EXERCISE DETAILS: In the data below, find the line containing "163 244 36 385", then set down that line and every later line up to and including the line containing "m-1428 -20 c209", exactly.

MATERIAL TO PROCESS:
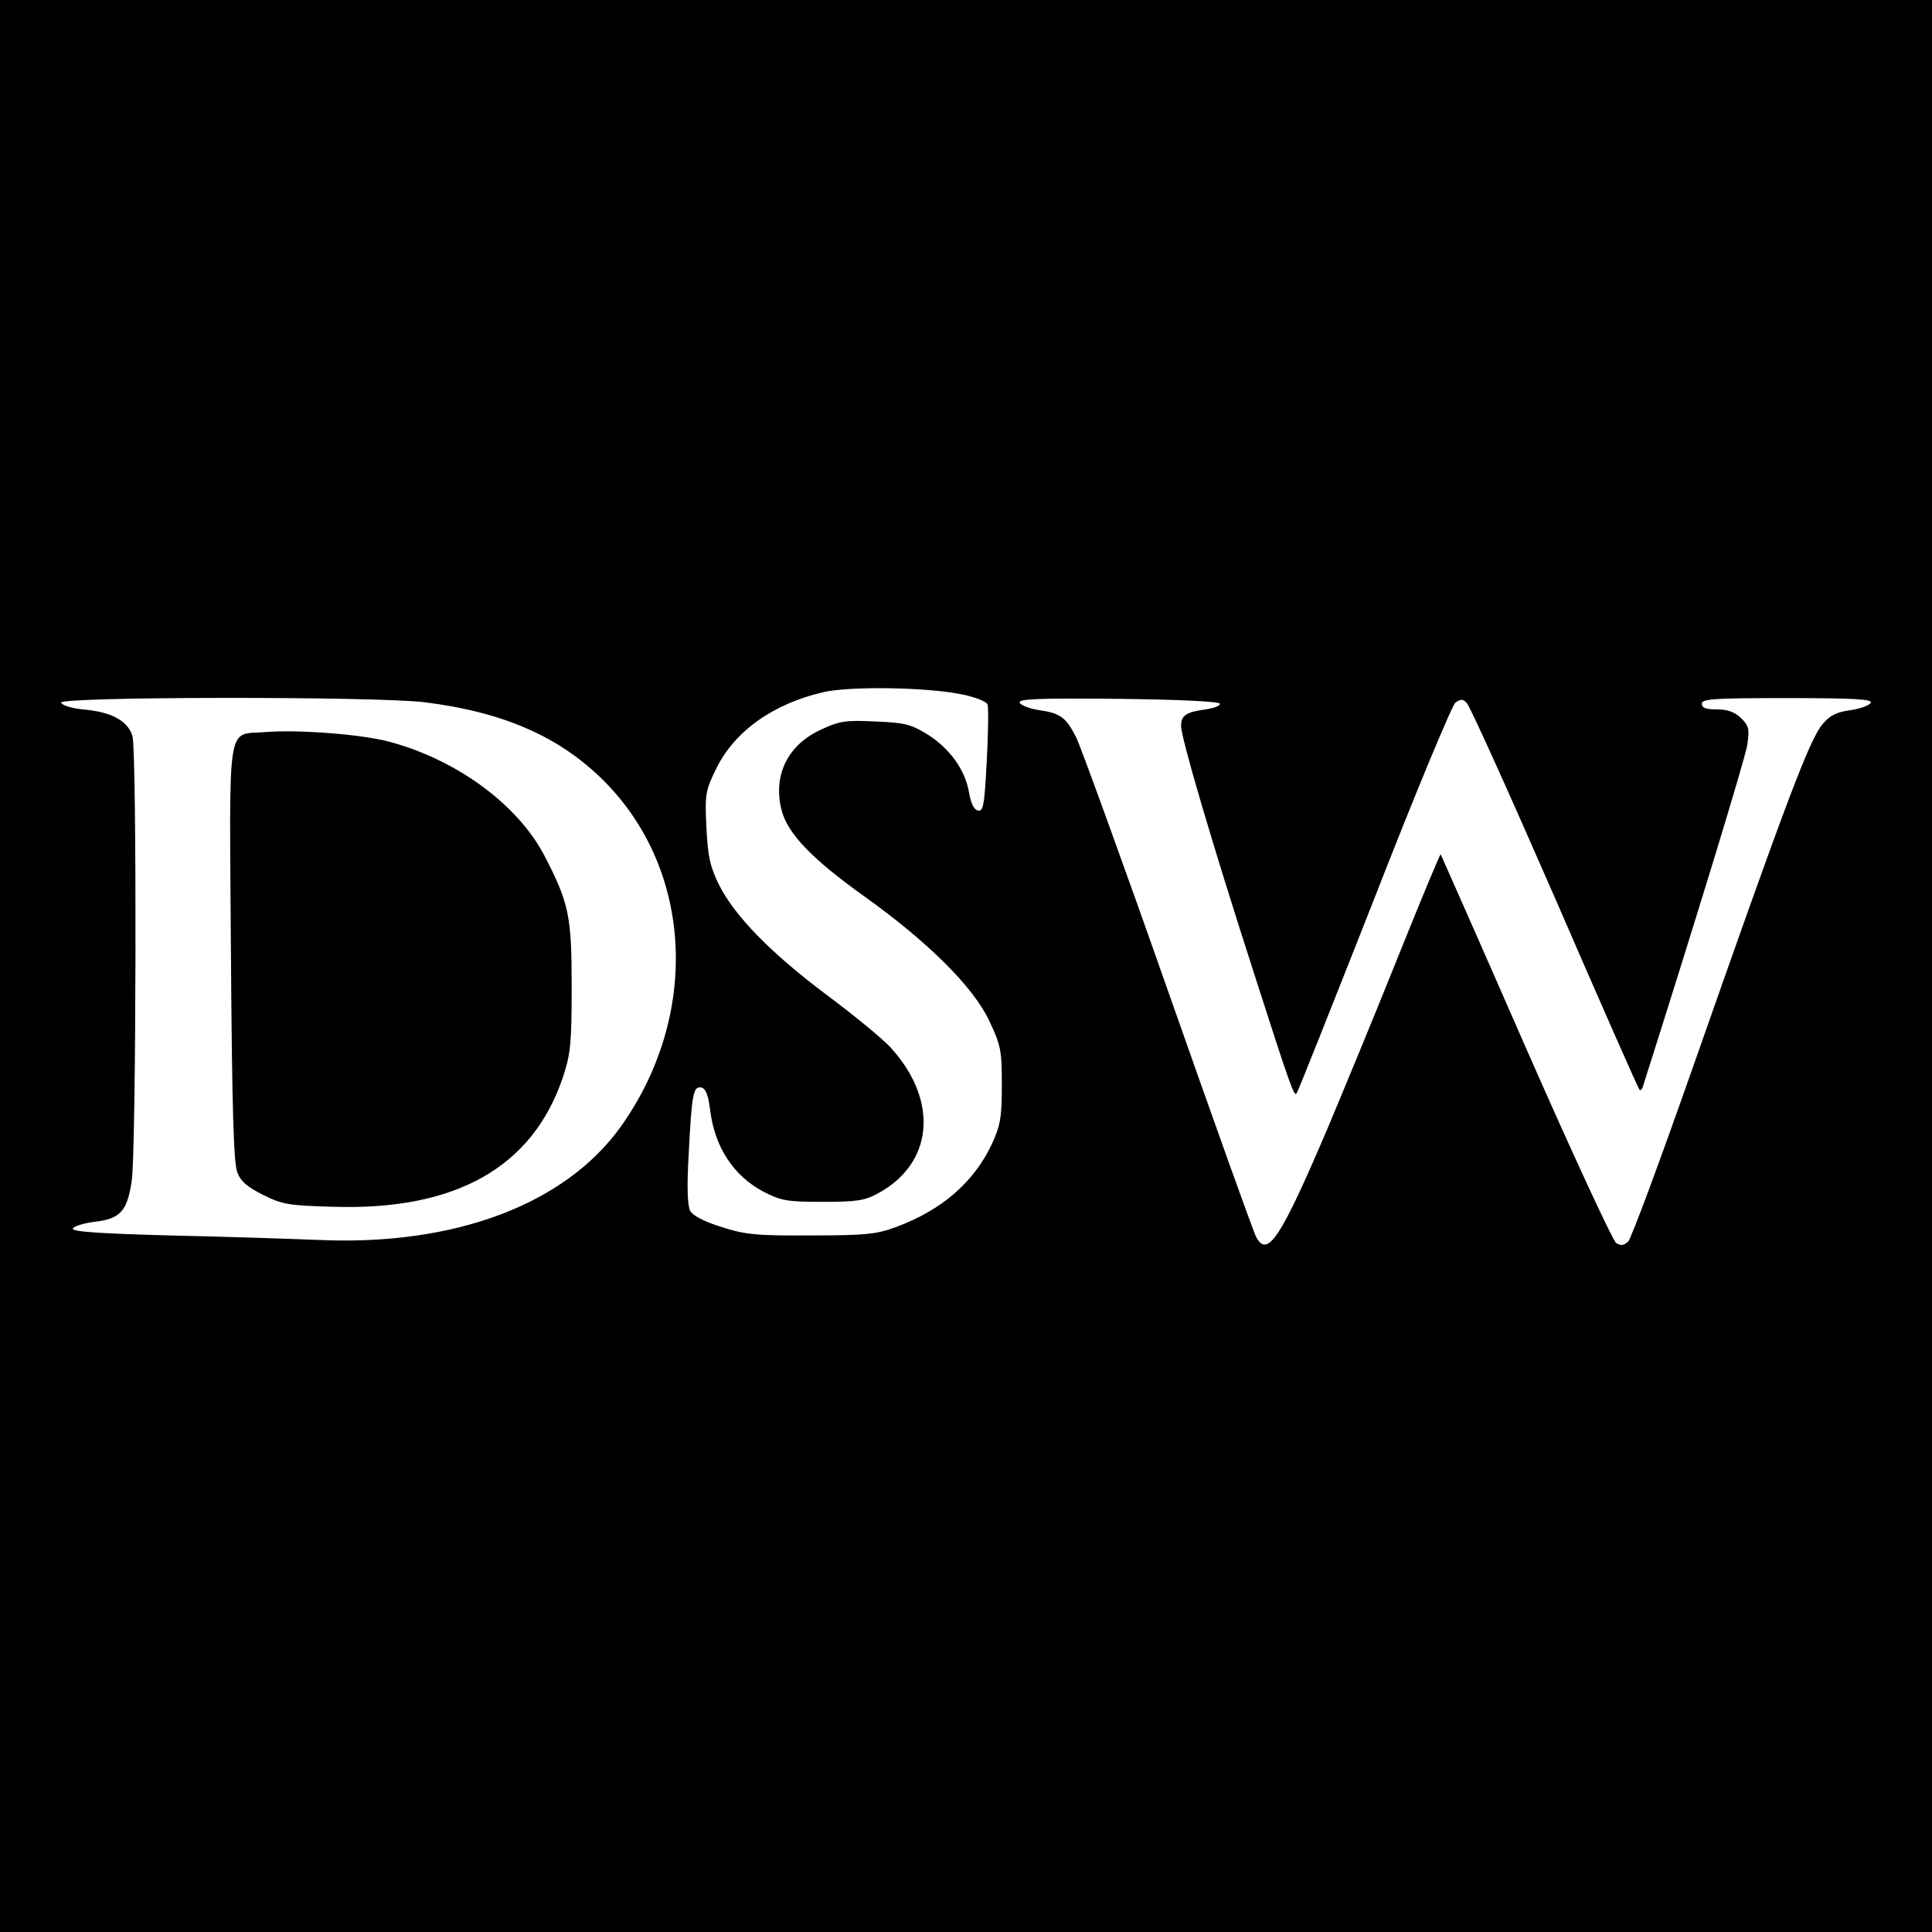 <?xml version="1.0" standalone="no"?>
<!DOCTYPE svg PUBLIC "-//W3C//DTD SVG 20010904//EN"
 "http://www.w3.org/TR/2001/REC-SVG-20010904/DTD/svg10.dtd">
<svg version="1.0" xmlns="http://www.w3.org/2000/svg"
 width="512pt" height="512pt" viewBox="0 0 512 512"
 preserveAspectRatio="xMidYMid meet">
<g transform="translate(0,512) scale(0.1,-0.1)"
fill="#000000" stroke="none">
<path d="M0 2560 l0 -2560 2560 0 2560 0 0 2560 0 2560 -2560 0 -2560 0 0
-2560z m2553 719 c33 -7 61 -18 64 -26 3 -7 2 -74 -2 -149 -6 -117 -9 -135
-23 -132 -11 2 -19 19 -24 48 -10 60 -52 118 -112 155 -43 26 -60 30 -137 33
-77 4 -95 1 -142 -21 -89 -40 -129 -121 -106 -213 16 -63 80 -130 223 -232
166 -119 286 -238 328 -328 30 -64 33 -77 33 -169 0 -87 -4 -107 -26 -156 -48
-102 -133 -176 -255 -221 -52 -19 -80 -22 -224 -22 -145 -1 -174 2 -237 22
-48 15 -76 30 -84 43 -7 15 -9 62 -4 148 8 160 12 183 33 179 12 -2 19 -19 24
-60 12 -98 62 -174 141 -216 47 -24 62 -27 157 -27 89 0 111 3 146 22 147 79
163 244 36 385 -20 23 -96 85 -168 139 -150 112 -247 211 -289 295 -24 49 -29
75 -33 152 -4 88 -3 96 27 157 49 98 150 170 284 201 72 16 278 13 370 -7z
m-1428 -20 c209 -26 358 -91 476 -209 236 -237 254 -621 44 -916 -148 -206
-440 -316 -800 -300 -77 3 -256 9 -398 12 -183 5 -257 10 -254 18 2 6 27 14
57 18 69 8 87 28 99 108 12 72 14 1139 2 1179 -11 39 -53 63 -122 70 -36 3
-64 11 -67 19 -5 16 830 17 963 1z m2108 -4 c1 -5 -16 -12 -38 -15 -52 -7 -65
-16 -65 -44 0 -31 81 -307 189 -642 102 -318 110 -339 117 -332 3 3 95 235
205 514 109 280 207 515 216 522 14 10 20 10 30 -1 8 -7 113 -240 234 -517
120 -277 221 -506 224 -508 2 -3 7 1 9 9 144 453 270 866 276 903 7 44 5 52
-16 73 -17 16 -35 23 -64 23 -29 0 -40 4 -40 15 0 13 32 15 226 15 176 0 225
-3 222 -12 -3 -7 -27 -16 -54 -20 -37 -5 -55 -14 -74 -37 -35 -41 -99 -212
-346 -916 -85 -242 -161 -447 -169 -455 -12 -11 -20 -12 -32 -4 -9 6 -117 239
-240 519 -122 279 -224 509 -225 511 -2 1 -52 -120 -112 -269 -60 -150 -144
-353 -186 -453 -126 -296 -161 -349 -191 -292 -7 12 -112 306 -234 653 -122
347 -232 649 -243 671 -27 53 -42 64 -98 72 -26 4 -49 13 -52 20 -3 10 51 12
262 10 167 -2 267 -7 269 -13z"/>
<path d="M704 3180 c-105 -9 -96 45 -92 -584 3 -415 7 -559 17 -583 9 -24 27
-39 69 -60 50 -25 69 -28 183 -31 327 -11 531 105 611 344 20 61 23 88 23 239
0 188 -7 221 -72 347 -71 136 -232 254 -410 302 -74 20 -242 33 -329 26z"/>
</g>
</svg>

RESPONSE:
163 244 36 385 -20 23 -96 85 -168 139 -150 112 -247 211 -289 295 -24 49 -29
75 -33 152 -4 88 -3 96 27 157 49 98 150 170 284 201 72 16 278 13 370 -7z
m-1428 -20 c209 -26 358 -91 476 -209 236 -237 254 -621 44 -916 -148 -206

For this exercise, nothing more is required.